I know for certain that my credentials are correct, because I can execute the analysis using the standalone tool, as can be seen below.
./sonar-scanner-5.0.1.3006-linux/bin/sonar-scanner \
-Dsonar.organization=realmdigital \
-Dsonar.projectKey=realmdigital_test \
-Dsonar.sources=. \
-Dsonar.host.url=https://sonarcloud.io
INFO: Scanner configuration file: sonar-scanner-5.0.1.3006-linux/conf/sonar-scanner.properties
INFO: Project root configuration file: NONE
INFO: SonarScanner 5.0.1.3006
INFO: Java 17.0.7 Eclipse Adoptium (64-bit)

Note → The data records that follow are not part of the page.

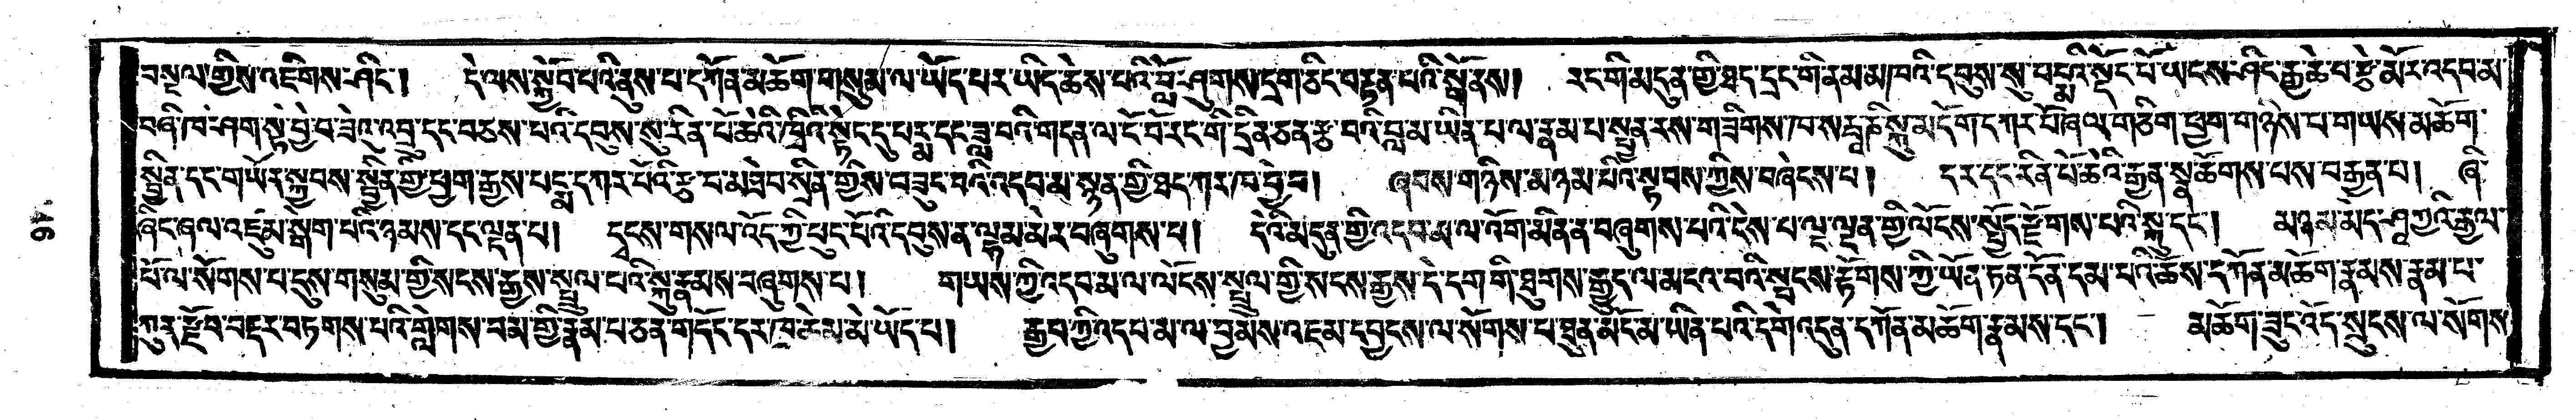བསྔལ་གྱིས་འཇིགས་ཤིང་། དེ་ལས་སྐྱོབ་པའི་ནུས་པ་དཀོན་མཆོག་གསུམ་ལ་ཡོད་པར་ཡིད་ཆེས་པའི་བློ་ཤུགས་དྲག་ཅིང་བརྟན་པའི་སྒོ་ནས། རང་གི་མདུན་གྱི་ཐད་དྲང་གི་ནམ་མཁའི་དབུས་སུ་པདམའི་སྡོང་པོ་ཡངས་ཤིང་རྒྱ་ཆེ་བ་རྩེ་མོར་འདབ་མ་
བཞི་ཁ་ཤག་སྟེ་བྱེ་བ་ཟེའུ་འབྲུ་དང་བཅས་པའི་དབུས་སུ་རིན་པོ་ཆེའི་ཁྲིའི་སྟེང་དུ་པདམ་དང་ཟླ་བའི་གདན་ལ་ངོ་བོ་རང་གི་དྲིན་ཅན་རྩ་བའི་བླ་མ་ཡིན་པ་ལ་རྣམ་པ་སྤྱན་རས་གཟིགས་ཁ་སརྦཱ་ཎི་སྐུ་མདོག་དཀར་པོ་ཞལ་གཅིག་ཕྱག་གཉིས་པ་གཡས་མཆོག་
སྦྱིན་དང་གཡོར་སྐྱབས་སྦྱིན་གྱི་ཕྱག་རྒྱས་པདམ་དཀར་པོའི་རྩ་བ་མཐེབ་སྲིན་གྱིས་བཟུང་བའི་འདབ་མ་སྙན་གྱི་ཐད་ཀར་ཁ་བྱེ་བ། ཞབས་གཉིས་མཉམ་པའི་སྟབས་ཀྱིས་བཞེངས་པ། དར་དང་རིན་པོ་ཆེའི་རྒྱན་སྣ་ཚོགས་པས་བརྒྱན་པ། ཞི་
ཞིང་ཞལ་འཛུམ་སྒེག་པའི་ཉམས་དང་ལྡན་པ། དྭངས་གསལ་འོད་ཀྱི་ཕུང་པོའི་དབུས་ན་ལྷམ་མེར་བཞུགས་པ། དེའི་མདུན་གྱི་འདབ་མ་ལ་འོག་མིན་ན་བཞུགས་པའི་ངེས་པ་ལྔ་ལྡན་གྱི་ལོངས་སྤྱོད་རྫོགས་པའི་སྐུ་དང་། མཉམ་མེད་ཤཱཀྱའི་རྒྱལ་
པོ་ལ་སོགས་པ་དུས་གསུམ་གྱི་སངས་རྒྱས་སྤྲུལ་པའི་སྐུ་རྣམས་བཞུགས་པ། གཡས་ཀྱི་འདབ་མ་ལ་ལོངས་སྤྲུལ་གྱི་སངས་རྒྱས་དེ་དག་གི་ཐུགས་རྒྱུད་ལ་མངའ་བའི་སྤངས་རྟོགས་ཀྱི་ཡོན་ཏན་དོན་དམ་པའི་ཆོས་དཀོན་མཆོག་རྣམས་རྣམ་པ་
ཀུན་རྫོབ་བརྡར་བཏགས་པའི་གླེགས་བམ་གྱི་རྣམ་པ་ཅན་གདོང་དར་ཁྲ་ཆེམ་མེ་ཡོད་པ། རྒྱབ་ཀྱི་འདབ་མ་ལ་བྱམས་འཇམ་དབྱངས་ལ་སོགས་པ་ཐུན་མོང་མ་ཡིན་པའི་དགེ་འདུན་དཀོན་མཆོག་རྣམས་དང་། མཆོག་ཟུང་འོད་སྲུངས་ལ་སོགས་

INFO: Linux 6.5.0-35-generic amd64
INFO: User cache: .sonar/cache
INFO: Analyzing on SonarCloud
INFO: Default locale: "en_ZA", source code encoding: "UTF-8" (analysis is platform dependent)
INFO: Load global settings
INFO: Load global settings (done) | time=554ms
INFO: Server id: 1BD809FA-AWHW8ct9-T_TB3XqouNu
INFO: Loading required plugins
INFO: Load plugins index
INFO: Load plugins index (done) | time=192ms
INFO: Load/download plugins
INFO: Load/download plugins (done) | time=16ms
INFO: Load project settings for component key: 'realmdigital_test'
INFO: Load project settings for component key: 'realmdigital_test' (done) | time=194ms
INFO: Process project properties
INFO: Project key: realmdigital_test
//snipped
ANALYSIS SUCCESSFUL, you can find the results at: https://sonarcloud.io/dashboard?id=realmdigital_test
This obviously wont scan my .NET code, so I want to use the ‘dotnet-sonarscanner’ (version ‘6.2.0’) tool
dotnet sonarscanner begin \
/o:realmdigital \
/k:realmdigital_test \
/d:sonar.host.url=https://sonarcloud.io
onarScanner for MSBuild 6.2
Using the .NET Core version of the Scanner for MSBuild
Pre-processing started.
Preparing working directories...
13:37:23.977 Updating build integration targets...
13:37:24.807 Fetching analysis configuration settings...
Unhandled exception. System.Net.Http.HttpRequestException: Response status code does not indicate success: 403.
at System.Net.Http.HttpResponseMessage.EnsureSuccessStatusCode()
at SonarScanner.MSBuild.PreProcessor.WebClientDownloader.TryDownloadIfExists(String url, Boolean logPermissionDenied)
at SonarScanner.MSBuild.PreProcessor.WebServer.SonarWebServer.DownloadQualityProfile(String projectKey, String projectBranch, String language)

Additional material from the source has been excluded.